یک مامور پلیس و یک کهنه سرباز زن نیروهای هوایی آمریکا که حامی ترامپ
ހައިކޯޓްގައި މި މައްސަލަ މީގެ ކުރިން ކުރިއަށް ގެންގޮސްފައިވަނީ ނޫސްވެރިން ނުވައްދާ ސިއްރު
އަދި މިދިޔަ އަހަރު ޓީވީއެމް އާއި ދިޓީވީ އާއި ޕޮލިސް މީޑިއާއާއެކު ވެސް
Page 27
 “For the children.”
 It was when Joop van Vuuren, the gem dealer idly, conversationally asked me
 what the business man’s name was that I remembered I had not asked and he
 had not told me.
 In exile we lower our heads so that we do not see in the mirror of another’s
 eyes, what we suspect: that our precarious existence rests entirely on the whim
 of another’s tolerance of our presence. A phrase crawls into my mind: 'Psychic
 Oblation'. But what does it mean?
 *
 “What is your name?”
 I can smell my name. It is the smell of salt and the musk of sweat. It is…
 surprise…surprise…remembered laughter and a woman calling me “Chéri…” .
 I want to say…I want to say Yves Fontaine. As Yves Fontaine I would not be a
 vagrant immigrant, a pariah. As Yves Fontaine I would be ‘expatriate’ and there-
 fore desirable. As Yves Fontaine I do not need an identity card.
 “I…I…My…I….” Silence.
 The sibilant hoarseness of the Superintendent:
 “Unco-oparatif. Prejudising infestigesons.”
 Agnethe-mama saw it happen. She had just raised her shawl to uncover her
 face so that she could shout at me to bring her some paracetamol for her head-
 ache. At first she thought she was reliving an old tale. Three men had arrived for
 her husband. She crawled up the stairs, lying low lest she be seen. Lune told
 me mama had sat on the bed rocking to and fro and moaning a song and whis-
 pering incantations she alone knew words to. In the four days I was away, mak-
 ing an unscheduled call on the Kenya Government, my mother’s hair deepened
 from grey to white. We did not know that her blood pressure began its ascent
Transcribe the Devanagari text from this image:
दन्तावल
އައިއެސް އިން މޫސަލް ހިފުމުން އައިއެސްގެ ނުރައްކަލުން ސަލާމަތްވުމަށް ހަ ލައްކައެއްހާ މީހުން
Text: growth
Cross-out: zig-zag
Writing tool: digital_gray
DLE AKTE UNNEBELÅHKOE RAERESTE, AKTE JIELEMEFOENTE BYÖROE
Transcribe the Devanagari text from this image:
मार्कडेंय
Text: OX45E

**Aim of the task**
The data should be printed again exactly, line for line.

**Reply to the exercise**
یک مامور پلیس و یک کهنه سرباز زن نیروهای هوایی آمریکا که حامی ترامپ
ހައިކޯޓްގައި މި މައްސަލަ މީގެ ކުރިން ކުރިއަށް ގެންގޮސްފައިވަނީ ނޫސްވެރިން ނުވައްދާ ސިއްރު
އަދި މިދިޔަ އަހަރު ޓީވީއެމް އާއި ދިޓީވީ އާއި ޕޮލިސް މީޑިއާއާއެކު ވެސް
Page 27
 “For the children.”
 It was when Joop van Vuuren, the gem dealer idly, conversationally asked me
 what the business man’s name was that I remembered I had not asked and he
 had not told me.
 In exile we lower our heads so that we do not see in the mirror of another’s
 eyes, what we suspect: that our precarious existence rests entirely on the whim
 of another’s tolerance of our presence. A phrase crawls into my mind: 'Psychic
 Oblation'. But what does it mean?
 *
 “What is your name?”
 I can smell my name. It is the smell of salt and the musk of sweat. It is…
 surprise…surprise…remembered laughter and a woman calling me “Chéri…” .
 I want to say…I want to say Yves Fontaine. As Yves Fontaine I would not be a
 vagrant immigrant, a pariah. As Yves Fontaine I would be ‘expatriate’ and there-
 fore desirable. As Yves Fontaine I do not need an identity card.
 “I…I…My…I….” Silence.
 The sibilant hoarseness of the Superintendent:
 “Unco-oparatif. Prejudising infestigesons.”
 Agnethe-mama saw it happen. She had just raised her shawl to uncover her
 face so that she could shout at me to bring her some paracetamol for her head-
 ache. At first she thought she was reliving an old tale. Three men had arrived for
 her husband. She crawled up the stairs, lying low lest she be seen. Lune told
 me mama had sat on the bed rocking to and fro and moaning a song and whis-
 pering incantations she alone knew words to. In the four days I was away, mak-
 ing an unscheduled call on the Kenya Government, my mother’s hair deepened
 from grey to white. We did not know that her blood pressure began its ascent
Transcribe the Devanagari text from this image:
दन्तावल
އައިއެސް އިން މޫސަލް ހިފުމުން އައިއެސްގެ ނުރައްކަލުން ސަލާމަތްވުމަށް ހަ ލައްކައެއްހާ މީހުން
Text: growth
Cross-out: zig-zag
Writing tool: digital_gray
DLE AKTE UNNEBELÅHKOE RAERESTE, AKTE JIELEMEFOENTE BYÖROE
Transcribe the Devanagari text from this image:
मार्कडेंय
Text: OX45E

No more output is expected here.